Viruses are especially attractive causative candidates for ALS, write George Karpati of the Montreal Neurological Institute and Marinos Dalakas of NINDS in an editorial in the same issue, because the symptoms and pathology of the disease have a number of similarities to polio, which is caused by the poliovirus, the prototypical enterovirus. Yet efforts to isolate viruses from CSF and other nervous system components, or to transmit the disease experimentally with these substances, have failed to show a clear viral association with ALS.
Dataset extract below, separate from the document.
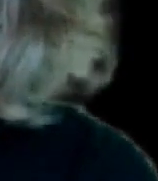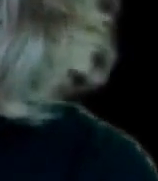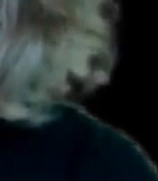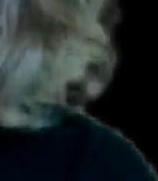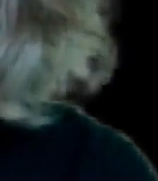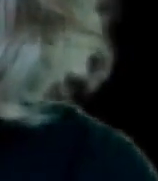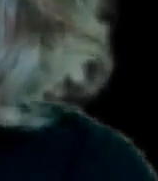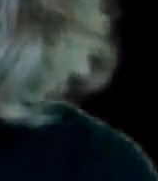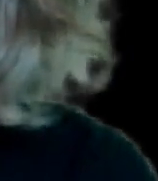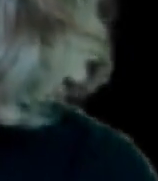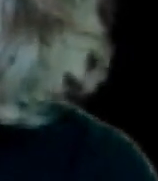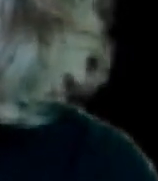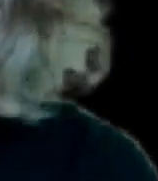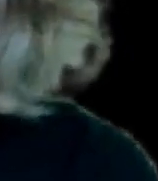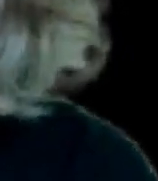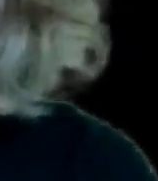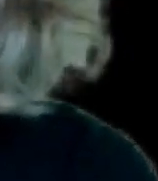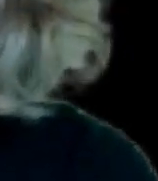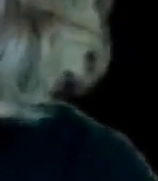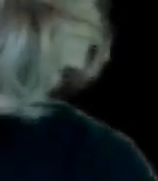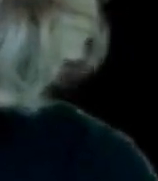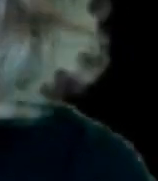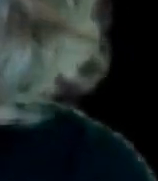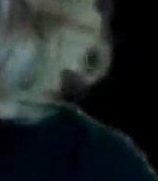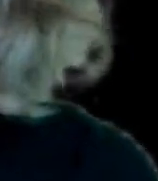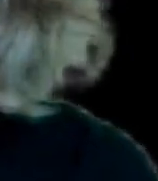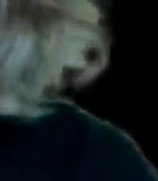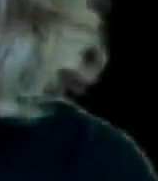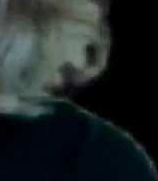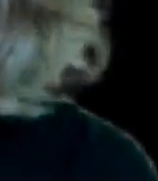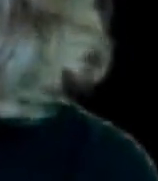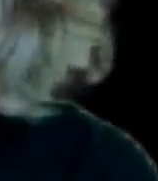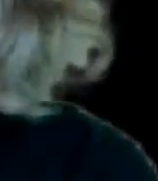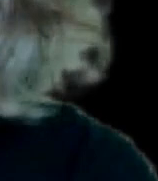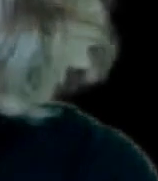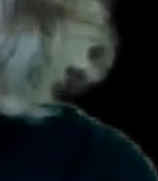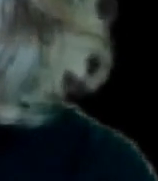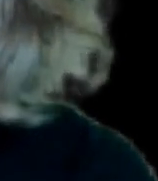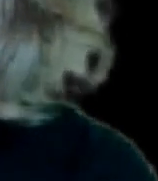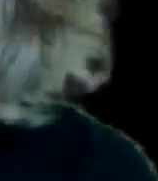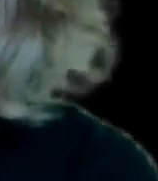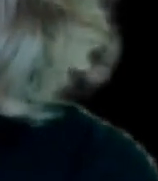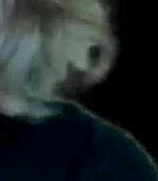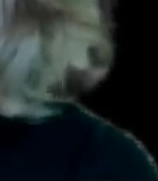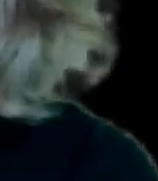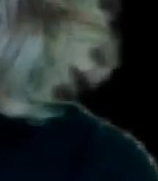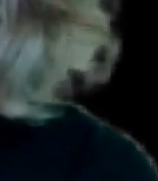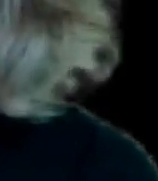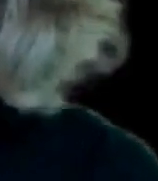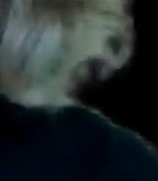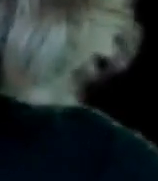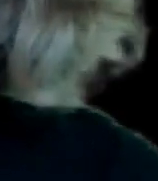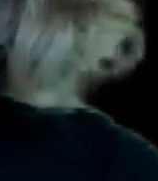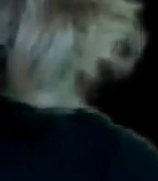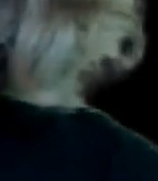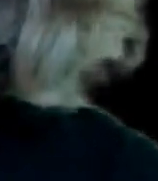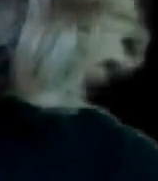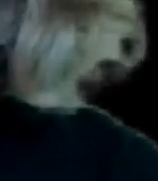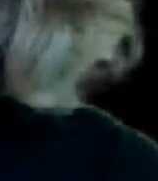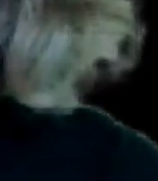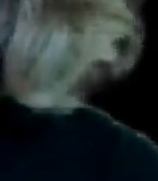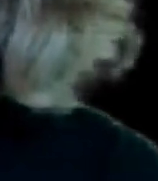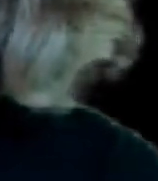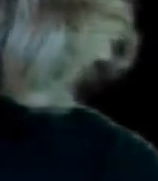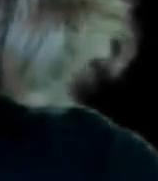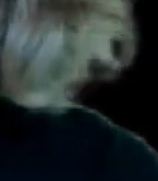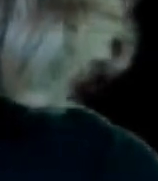entrar Y que no te vayan A asesorar Por la estupidez Porque para mi Es una estupidez De que te digan Fíjate que
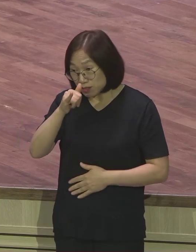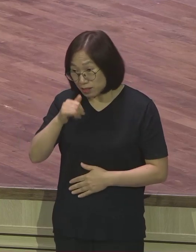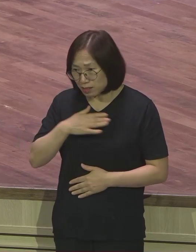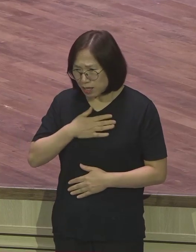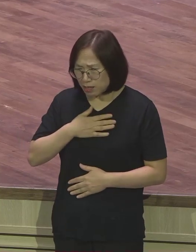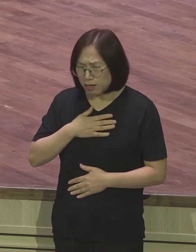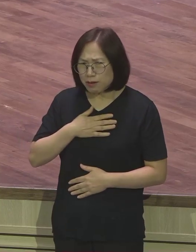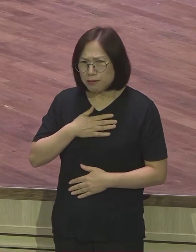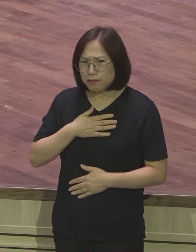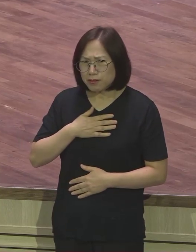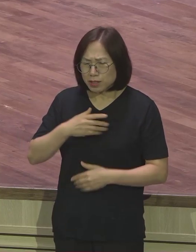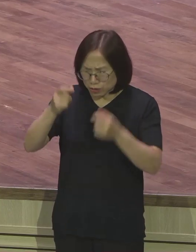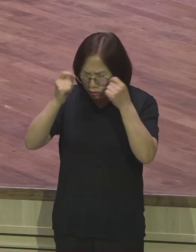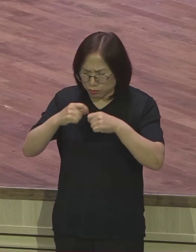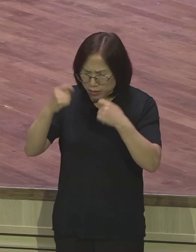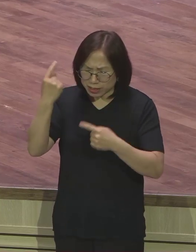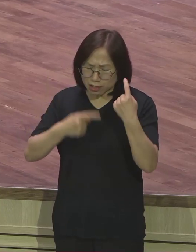그러한 상처를 주는 사람이 있습니까?

Martina Berger (now at the University of California-Irvine), Bruno Lina, and their colleagues in Lyon, France, now armed with new, and more sensitive, variations on polymerase chain reaction (PCR) show that 15 of 17 ALS patients in their study had specific enteroviral RNA sequences in neural tissue from formalin-fixed spinal cord tissue, compared to only one of 29 control subjects (with miscellaneous neurologic diseases). When they sequenced the enteroviral RNA, they found that it had a high degree of homology with echovirus serotype 7, an enterovirus that usually avoids brain and spinal cord tissues.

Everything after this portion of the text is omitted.